=== TASK OBJECTIVE ===
Reproduce every entry below exactly, minus the pictures.

=== RECORDS FOR THIS EXERCISE ===
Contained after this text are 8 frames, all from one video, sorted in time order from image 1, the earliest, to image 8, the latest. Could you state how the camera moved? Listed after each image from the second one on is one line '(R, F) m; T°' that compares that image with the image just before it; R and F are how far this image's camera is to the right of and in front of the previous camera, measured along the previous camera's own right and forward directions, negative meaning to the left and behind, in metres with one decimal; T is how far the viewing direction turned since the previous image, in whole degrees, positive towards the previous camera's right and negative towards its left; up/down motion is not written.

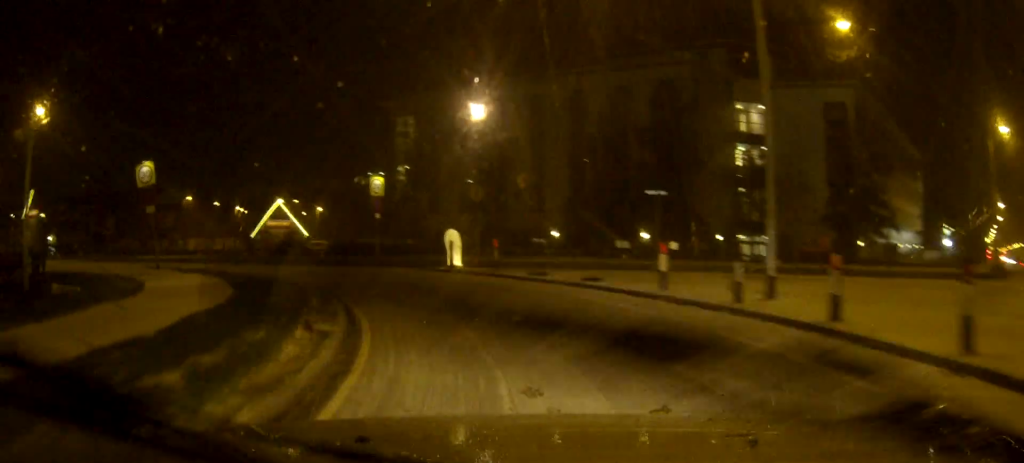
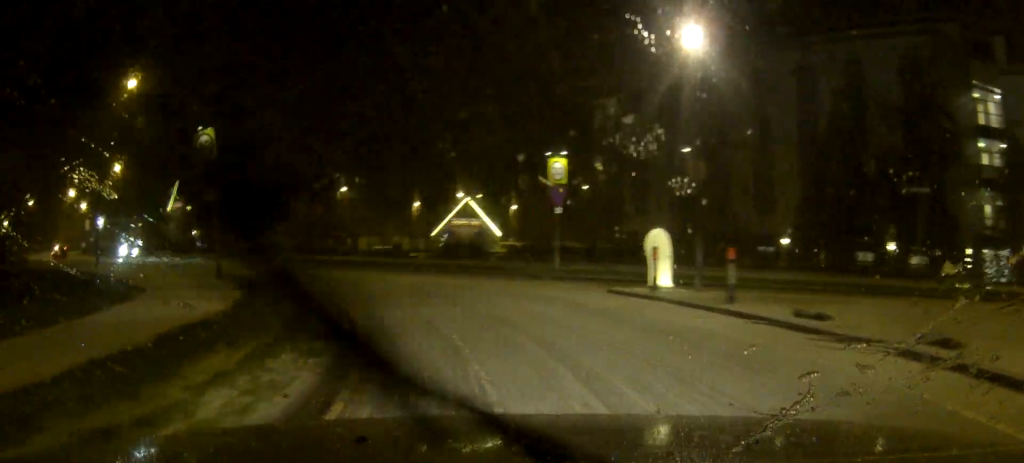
(-0.8, +9.1) m; -15°
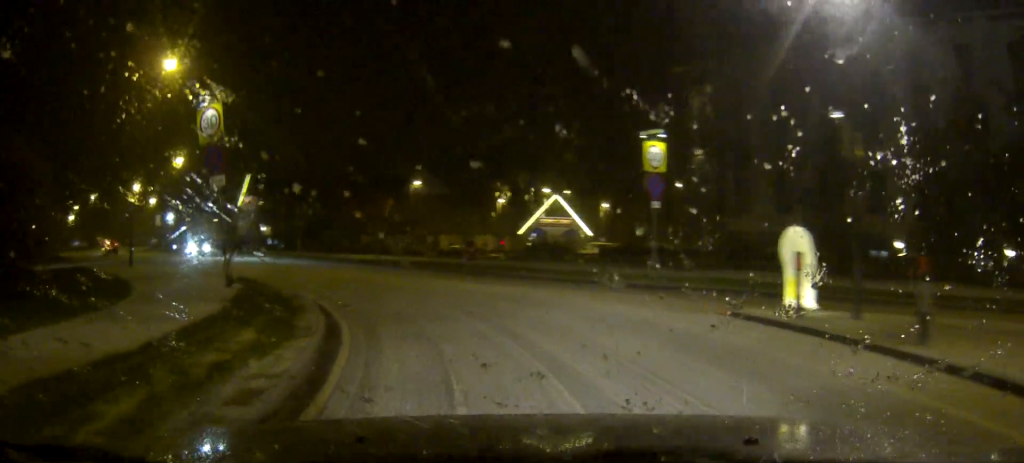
(-0.3, +4.5) m; -9°
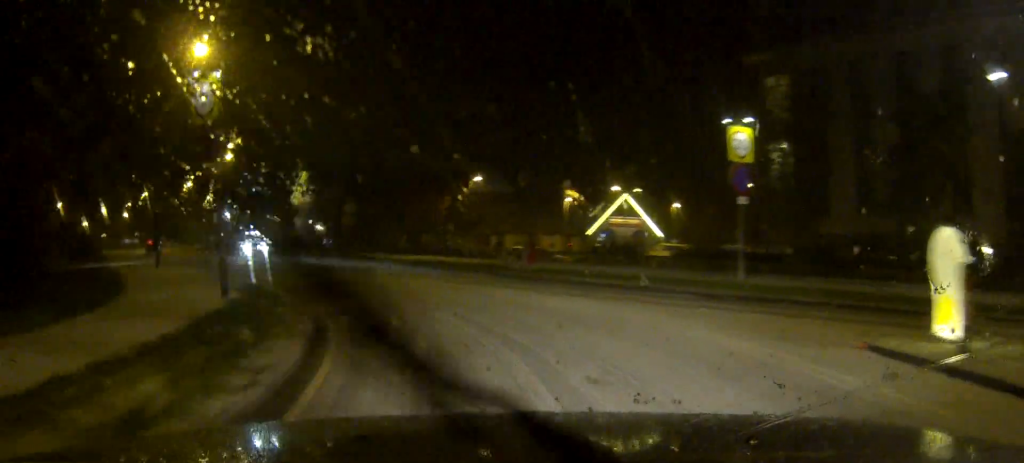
(-0.3, +3.3) m; -5°
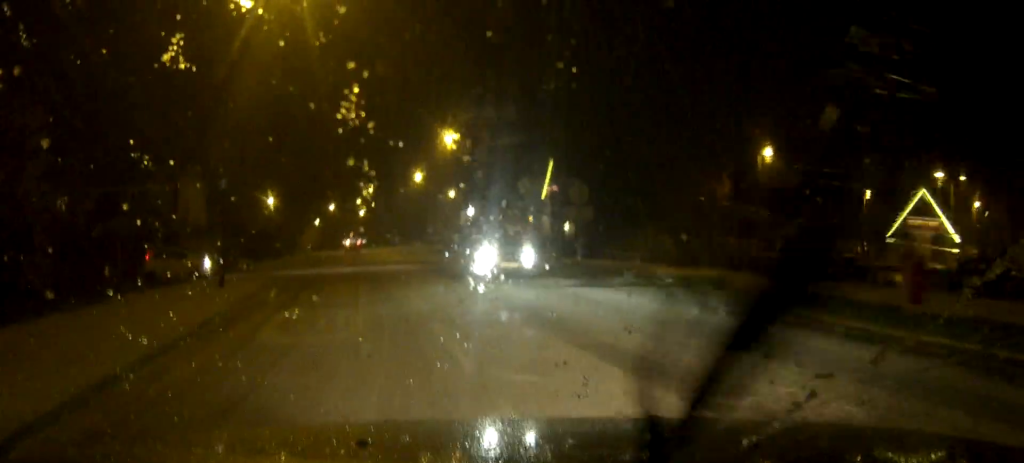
(-2.3, +14.4) m; -19°
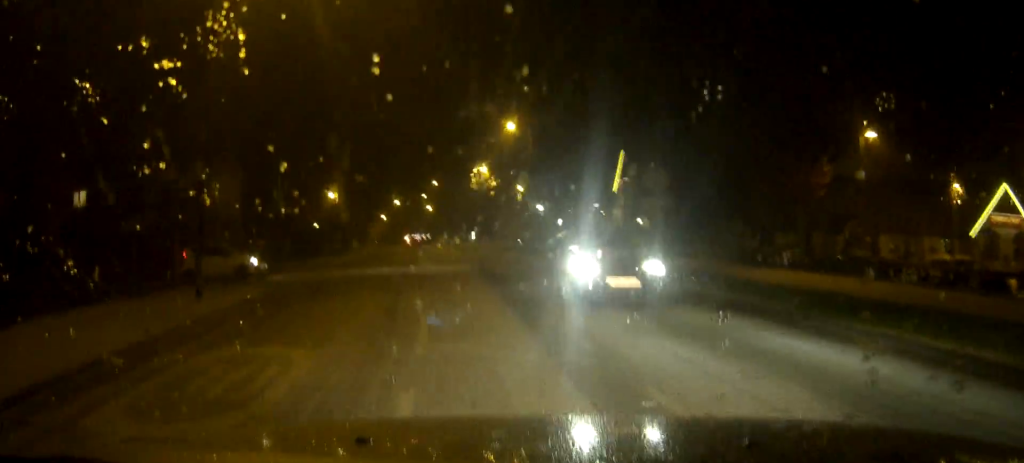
(-0.6, +4.5) m; -5°
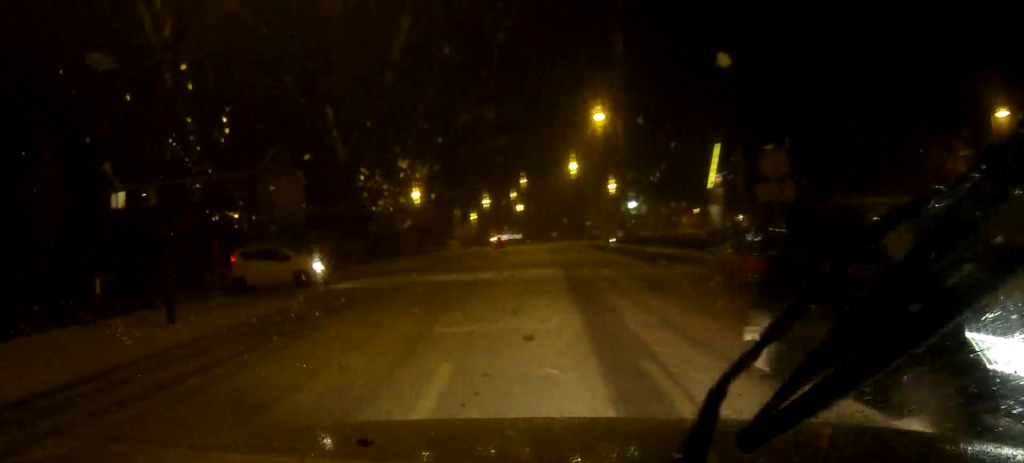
(-0.1, +4.3) m; -5°
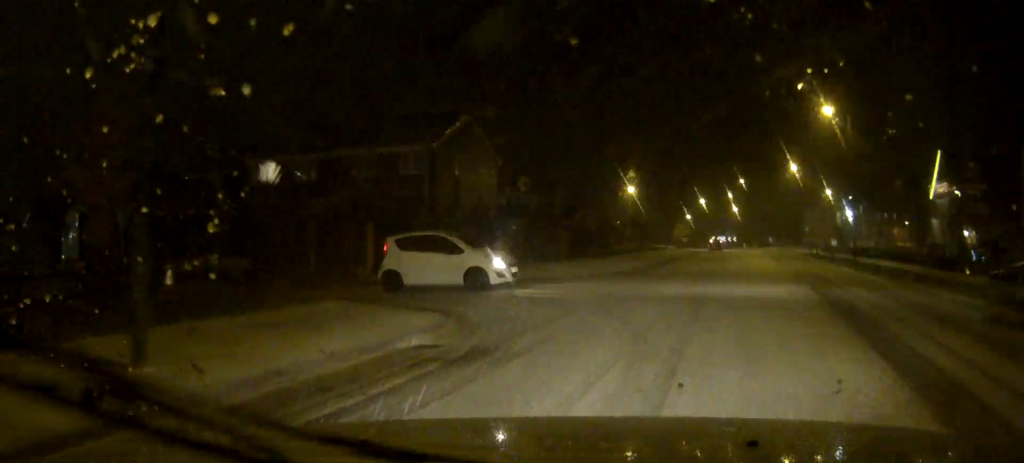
(-0.4, +6.1) m; -6°

=== RESPONSE TO THE TASK ===
Contained after this text are 8 frames, all from one video, sorted in time order from image 1, the earliest, to image 8, the latest. Could you state how the camera moved? Listed after each image from the second one on is one line '(R, F) m; T°' that compares that image with the image just before it; R and F are how far this image's camera is to the right of and in front of the previous camera, measured along the previous camera's own right and forward directions, negative meaning to the left and behind, in metres with one decimal; T is how far the viewing direction turned since the previous image, in whole degrees, positive towards the previous camera's right and negative towards its left; up/down motion is not written.

(-0.8, +9.1) m; -15°
(-0.3, +4.5) m; -9°
(-0.3, +3.3) m; -5°
(-2.3, +14.4) m; -19°
(-0.6, +4.5) m; -5°
(-0.1, +4.3) m; -5°
(-0.4, +6.1) m; -6°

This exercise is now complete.